Then, the control unit 10 generates a cable control command, which is a command for controlling the cable length and discharge direction, based on the current cable shape and the appropriate cable shape. The cable control command is a command for bringing the current cable shape closer to the appropriate cable shape. In this way, the control unit 10 performs feedback control of the cable winding device 70 based on the current cable shape and the appropriate cable shape.

FIG. 3 is a diagram illustrating an example of the configuration of a cable winding device included in the winding system according to the first embodiment. Note that illustration of the winding mechanism 7 is omitted here. The cable winding device 70 includes a control section 10, a relative position calculation section 11, a cable information acquisition section 12, and a cable drive section 13. The control unit 10 also includes a current cable shape estimation unit 14, an appropriate cable shape derivation unit 15, and a cable control command generation unit 16. Note that the control unit 10 may be placed outside the cable winding device 70.

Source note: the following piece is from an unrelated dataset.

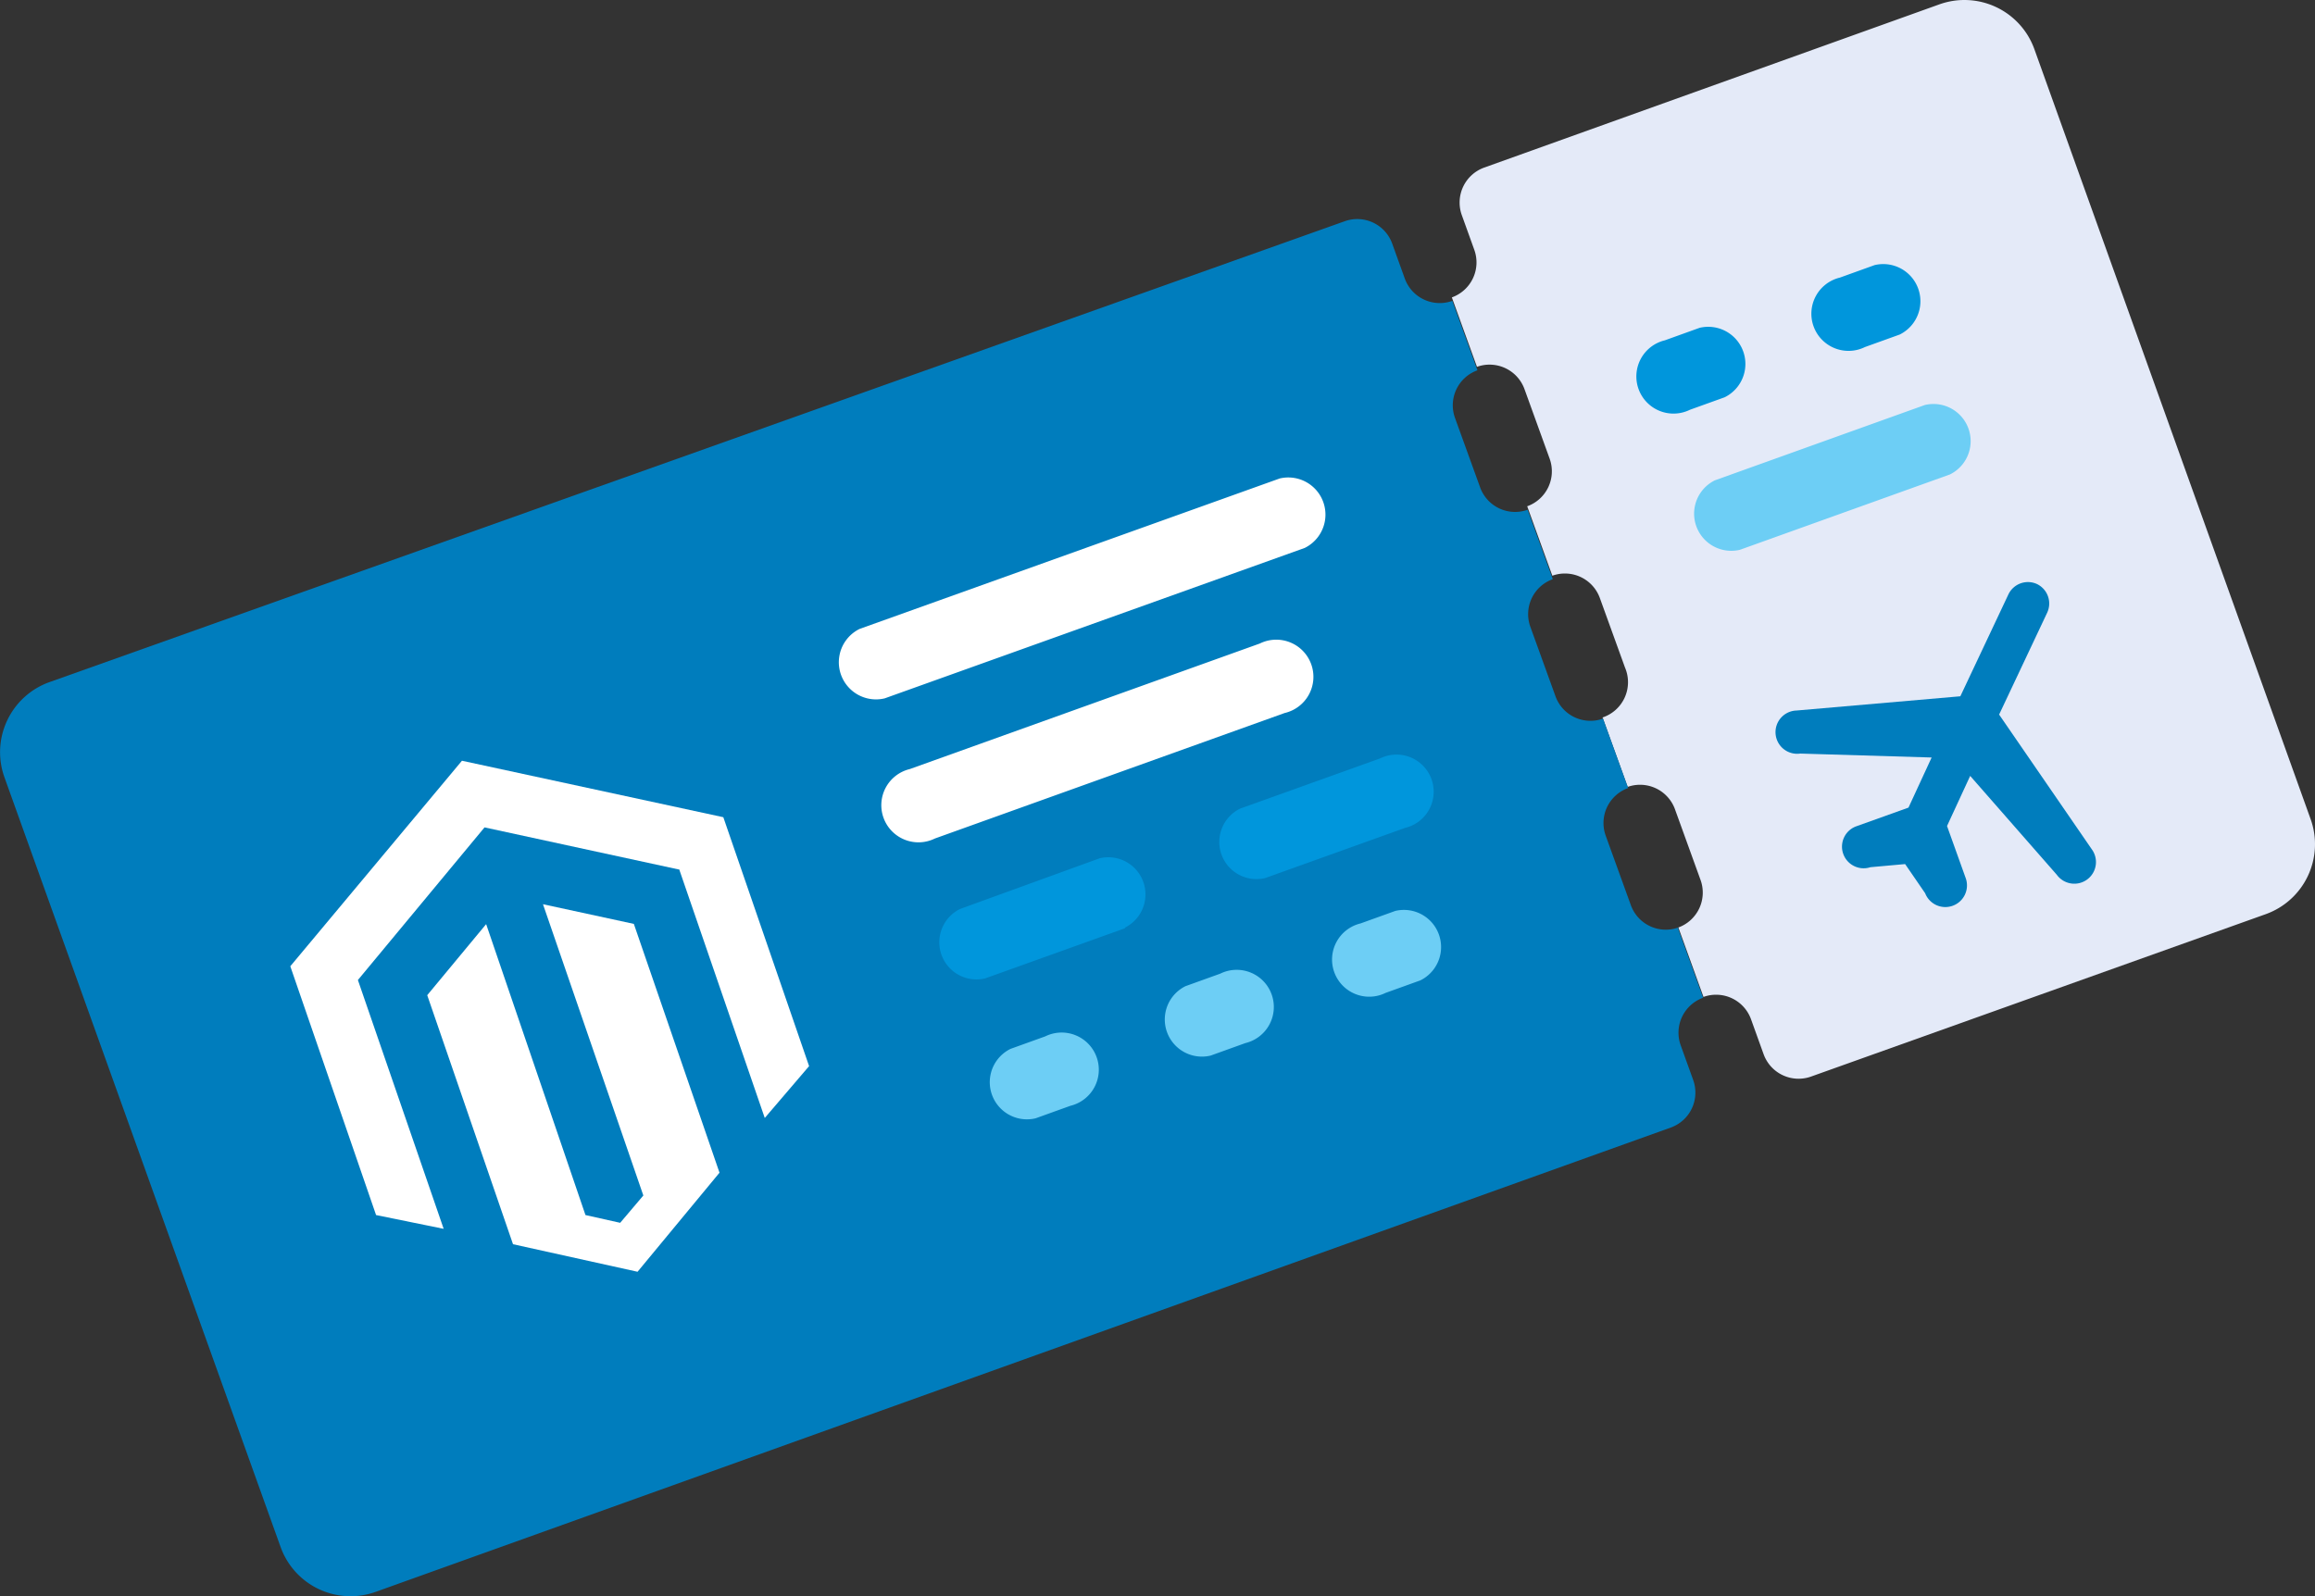 <svg xmlns="http://www.w3.org/2000/svg" viewBox="0 0 200 137.95"><rect x="0" y="0" width="200" height="137.95" fill="#333333" stroke="none"/><defs><style>.cls-1{fill:#e4eaf8;}.cls-2{fill:#007dbd;}.cls-3{fill:#fff;}.cls-4{fill:#0096dc;}.cls-5{fill:#6dcef5;}</style></defs><title>Migrations from other platforms to Magento</title><g id="Layer_2" data-name="Layer 2"><g id="Layer_1-2" data-name="Layer 1"><path class="cls-1" d="M167.54.38l-39.31,14.1a3.21,3.21,0,0,0-1.94,4.11l1.08,3a3.21,3.21,0,0,1-1.94,4.11l2.17,6a3.21,3.21,0,0,1,4.11,1.94l2.17,6a3.21,3.21,0,0,1-1.94,4.11l2.17,6a3.21,3.21,0,0,1,4.11,1.94l2.17,6A3.21,3.21,0,0,1,138.45,62l2.17,6A3.21,3.21,0,0,1,144.73,70l2.17,6A3.21,3.21,0,0,1,145,80.15l2.17,6a3.21,3.21,0,0,1,4.11,1.94l1.08,3a3.21,3.21,0,0,0,4.11,1.94L195.74,79a6.42,6.42,0,0,0,3.88-8.22L175.76,4.26A6.42,6.42,0,0,0,167.54.38Z"/><path class="cls-2" d="M145,80.15a3.21,3.21,0,0,1-4.11-1.94l-2.17-6a3.21,3.21,0,0,1,1.94-4.11l-2.17-6a3.21,3.21,0,0,1-4.11-1.94l-2.17-6a3.21,3.21,0,0,1,1.94-4.11l-2.17-6a3.21,3.21,0,0,1-4.11-1.94l-2.17-6a3.21,3.21,0,0,1,1.94-4.11l-2.17-6a3.21,3.21,0,0,1-4.11-1.94l-1.08-3a3.21,3.21,0,0,0-4.11-1.94L4.26,58.95A6.43,6.43,0,0,0,.38,67.16l23.86,66.52a6.42,6.42,0,0,0,8.22,3.88L144.34,97.44a3.21,3.21,0,0,0,1.94-4.11l-1.08-3a3.21,3.21,0,0,1,1.94-4.11l-2.17-6Z"/><path class="cls-2" d="M176,50.48a1.87,1.87,0,0,0-2.49.89l-4.15,8.8L155.21,61.4a1.87,1.87,0,1,0,.32,3.72l11.35.34-2,4.33-4.55,1.63a1.87,1.87,0,0,0,1.26,3.52l3-.27,1.73,2.52a1.87,1.87,0,0,0,3.52-1.26l-1.63-4.55,2-4.33,7.48,8.54a1.87,1.87,0,0,0,3.08-2.12l-8.06-11.72,4.15-8.8A1.87,1.87,0,0,0,176,50.48Z"/><path class="cls-3" d="M112.72,47.35l-36.29,13a3.21,3.21,0,0,1-2.17-6l36.29-13a3.21,3.21,0,0,1,2.17,6Z"/><path class="cls-4" d="M97.21,80.21l-12.1,4.34a3.21,3.21,0,0,1-2.17-6L95,74.17a3.21,3.21,0,0,1,2.17,6Z"/><path class="cls-4" d="M121.4,71.54l-12.1,4.34a3.21,3.21,0,0,1-2.17-6l12.1-4.34a3.21,3.21,0,1,1,2.17,6Z"/><path class="cls-3" d="M111,61.61,80.77,72.46a3.21,3.21,0,1,1-2.17-6l30.24-10.85a3.21,3.21,0,1,1,2.17,6Z"/><path class="cls-5" d="M168.46,41l-18.14,6.51a3.21,3.21,0,0,1-2.17-6L166.29,35a3.21,3.21,0,0,1,2.17,6Z"/><path class="cls-4" d="M149,34.33l-3,1.08a3.21,3.21,0,1,1-2.17-6l3-1.08a3.21,3.21,0,0,1,2.17,6Z"/><path class="cls-4" d="M164.12,28.91l-3,1.08a3.21,3.21,0,1,1-2.17-6l3-1.08a3.21,3.21,0,0,1,2.17,6Z"/><path class="cls-5" d="M92.47,95.56l-3,1.08a3.21,3.21,0,0,1-2.17-6l3-1.08a3.21,3.21,0,1,1,2.17,6Z"/><path class="cls-5" d="M122.71,84.72l-3,1.08a3.21,3.21,0,1,1-2.17-6l3-1.08a3.21,3.21,0,0,1,2.17,6Z"/><path class="cls-5" d="M107.59,90.14l-3,1.08a3.21,3.21,0,0,1-2.17-6l3-1.08a3.21,3.21,0,1,1,2.17,6Z"/><path class="cls-3" d="M46.91,78.14l8.67,25.17-2,2.36-3-.67L42,79.86,36.91,86l7.41,21.52,10.76,2.38,7.08-8.56-7.4-21.5Zm-7-12.4L25.08,83.5,32.49,105l5.84,1.19L30.92,84.69,41.86,71.5l16.75,3.63h.07l7.39,21.48,3.83-4.48L62.49,70.62Z"/></g></g></svg>

The relative position calculation unit 11 calculates relative position information between the unmanned aerial vehicle 3 and the cable winding device 70. The relative position calculation unit 11 includes a detection device (sensor, receiver, camera 5, etc.) for detecting the relative position between the unmanned aerial vehicle 3 and the cable winding device 70, and this detection device Relative position information is calculated based on the detected information. The relative position calculation unit 11 sends the relative position information to the current cable shape estimation unit 14 and the appropriate cable shape derivation unit 15.

The cable information acquisition unit 12 includes an information acquisition device that acquires cable information used for estimating the cable shape. The cable information acquisition unit 12 includes, for example, a tension detection sensor, a cable length detection sensor, a camera 5, and the like. The cable information includes the cable tension detected by the tension detection sensor, the cable length detected by the cable length detection sensor, the image of the cable 4 captured by the camera 5, and the like.

If the cable information acquisition section 12 has a tension detection sensor, the cable information acquisition section 12 detects the tension of the cable 4 . If the cable information acquisition unit 12 has a cable length detection sensor, the cable information acquisition unit 12 detects the length of the cable 4. If the cable information acquisition unit 12 includes the camera 5, the cable information acquisition unit 12 captures an image of the cable 4. The cable information acquisition unit 12 sends the cable information to the current cable shape estimation unit 14 and the appropriate cable shape derivation unit 15.

The current cable shape estimation unit 14 estimates the current cable shape. The current cable shape estimation section 14 sends the estimated current cable shape to the cable control command generation section 16. The appropriate cable shape deriving unit 15 derives an appropriate cable shape. The appropriate cable shape deriving section 15 sends the derived appropriate cable shape to the cable control command generating section 16.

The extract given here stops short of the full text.